The easiest way to add packages to Anaconda is either from the command line with `conda install` or via the graphical installer that's part of the Anaconda Navigator application.

To install `seaborn` from the command line using conda, type:

```
conda install seaborn
```

You'll likely be prompted to install some additional packages along with `seaborn`. That's good - it's what `conda` is designed to do. Type `yes` when prompted. 

The others are just marginally more complicated, because they aren't in the main Anaconda repository. `cartopy` and `folium` are available from other `conda` repos, so you can install them with just a little extra information:

```
conda install -c conda-forge folium cartopy
```

`googlemaps` isn't available as a conda package at all, so it's installed with `pip`, the general-purpose Python package installer, like so:

```
pip install googlemaps
```

## Running Python notebooks

Once you've installed Python and downloaded (and unzipped) the course materials, you're almost ready to go. The last step is to start what's called a Jupyter notebook server, which will allow you to load, read, modify, and run course code.
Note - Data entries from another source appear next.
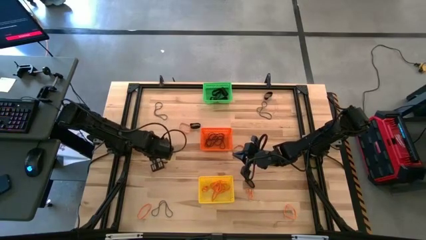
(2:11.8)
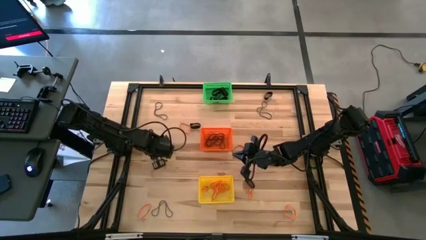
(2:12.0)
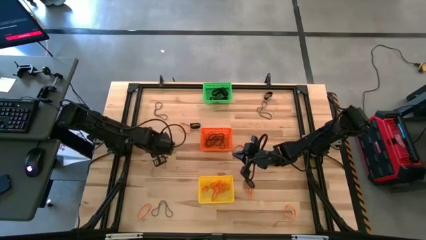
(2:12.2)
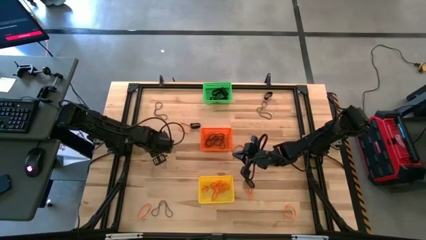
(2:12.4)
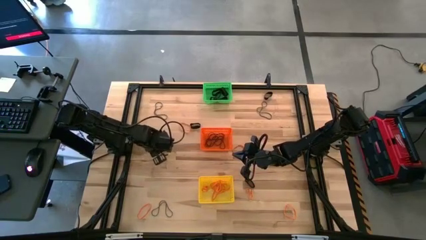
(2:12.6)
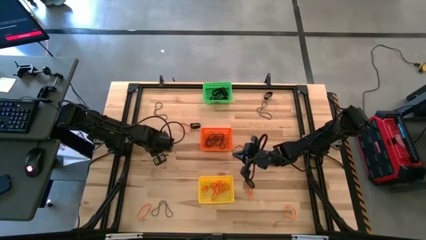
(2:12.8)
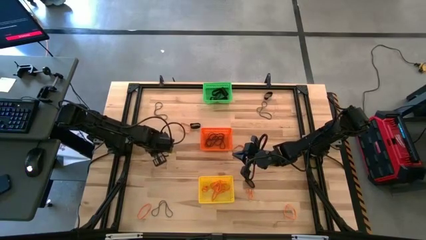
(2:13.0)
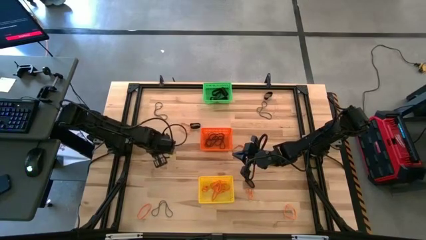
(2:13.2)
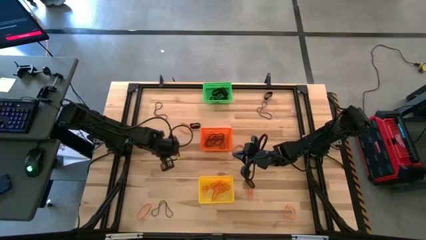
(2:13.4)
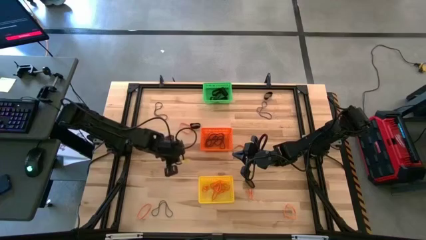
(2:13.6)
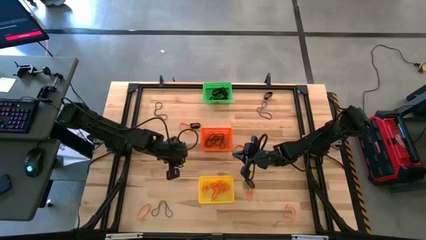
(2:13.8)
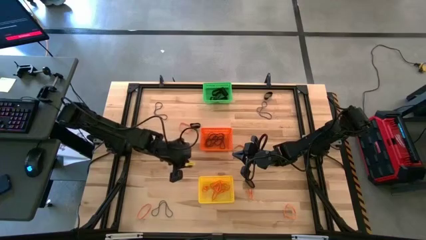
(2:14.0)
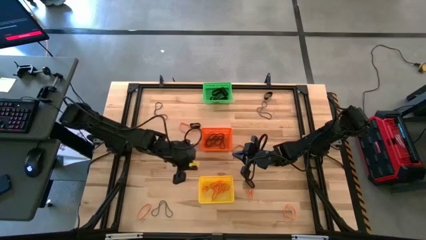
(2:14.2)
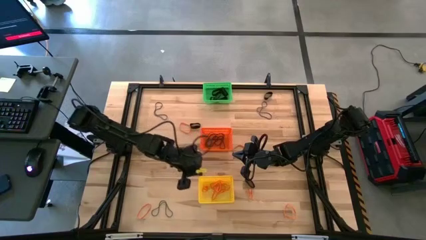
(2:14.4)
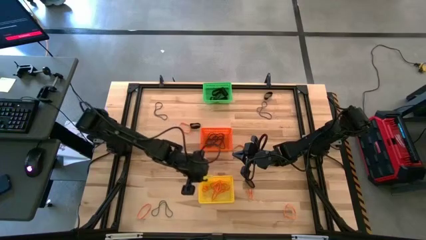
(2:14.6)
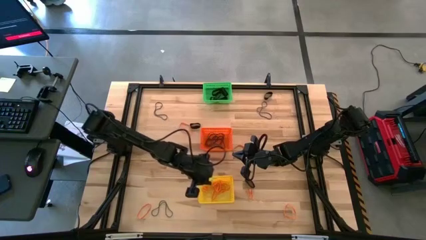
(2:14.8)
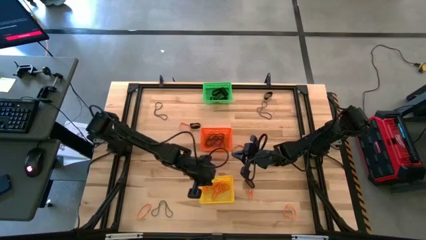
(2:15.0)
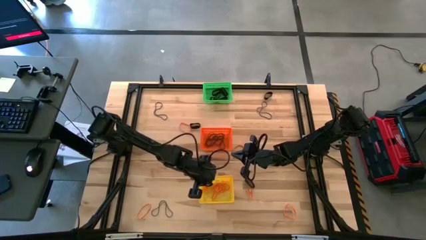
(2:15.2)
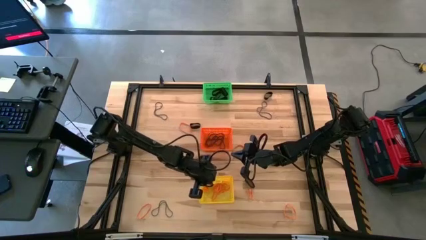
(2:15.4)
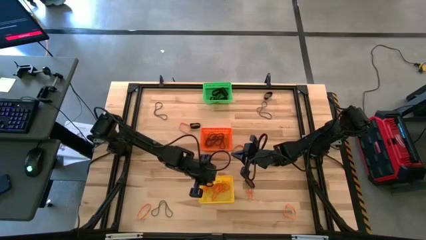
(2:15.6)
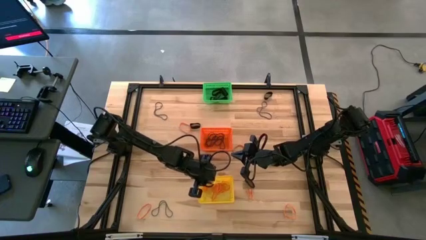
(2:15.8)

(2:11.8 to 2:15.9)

> An aside: If you've done some programming before, you may know that notebooks are a relatively recent invention, one used more for teaching and research than for writing production code. That's true. Notebooks are valuable because they make it easy to integrate code, documentation, notes, and visualizations in a single document, as well as to run small pieces of a larger program individually.

I generally start a notebook server from the command line with `jupyter notebook`. You can also use the Anadonca Navigator app to launch a notebook server.  The Navigator app is located in your Anaconda install directory and might also be linked from your desktop and from your Applications or Programs directory. Its icon looks like a scaly green 'O':

![Navigator logo](Images/Navigator.png)

When you start it, you'll see a screen that looks like the one below. Click the 'Launch' button under the Jupyter notebook logo.

![Navigator start screen](Images/NavigatorScreenshot.png)

From there, a browser window will open, displaying the files in your home directory. Use it to navigate to the folder containing the course materials and click on any notebook to start it in a new window. You're up and running!

## Python docs and info

For more information on Anaconda, see [Continuum's documentation site](https://docs.continuum.io). For a user's guide to Jupyter notebooks, see either the built-in help from the 'Help' menu at the top of any running notebook or the [Jupyter project's documentation](https://jupyter.readthedocs.io/en/latest/index.html).

As noted elsewhere, this workshop is nowhere near a proper introduction to programming in general or to Python in particular. When I teach programming material to my own students, I use John Guttag's [_Introduction to Computation and Programming Using Python_](https://mitpress.mit.edu/books/introduction-computation-and-programming-using-python-1). Guttag is also currently offering a [free EdX version of his MIT Intro to CS course](https://www.edx.org/course/introduction-computer-science-mitx-6-00-1x-8#.U4x_iSiJKEk) if you can't get a proper intro CS course at your home university.

## Java

We'll work entirely in Python, but many of the best production-quality Natural Language Processing (NLP) packages are written in Java (which long had much better multilingual text support than did other programming languages). I'll show a bit of [Stanford's Java-based NLP tools](http://nlp.stanford.edu/software/); if you want to try them on your own, you'll need to download and install a Java Development Kit (JDK). I recommend [Oracle's official version](http://www.oracle.com/technetwork/java/javase/downloads/jdk8-downloads-2133151.html).

## QGIS

On the second day of the workshop, we'll use a graphical GIS tool called [QGIS](http://www.qgis.org/en/site/). You may want to download it now.

> Note that the latest version of QGIS for Mac isn't working for me. The older, long-term release (v. 2.14) seems to be fine.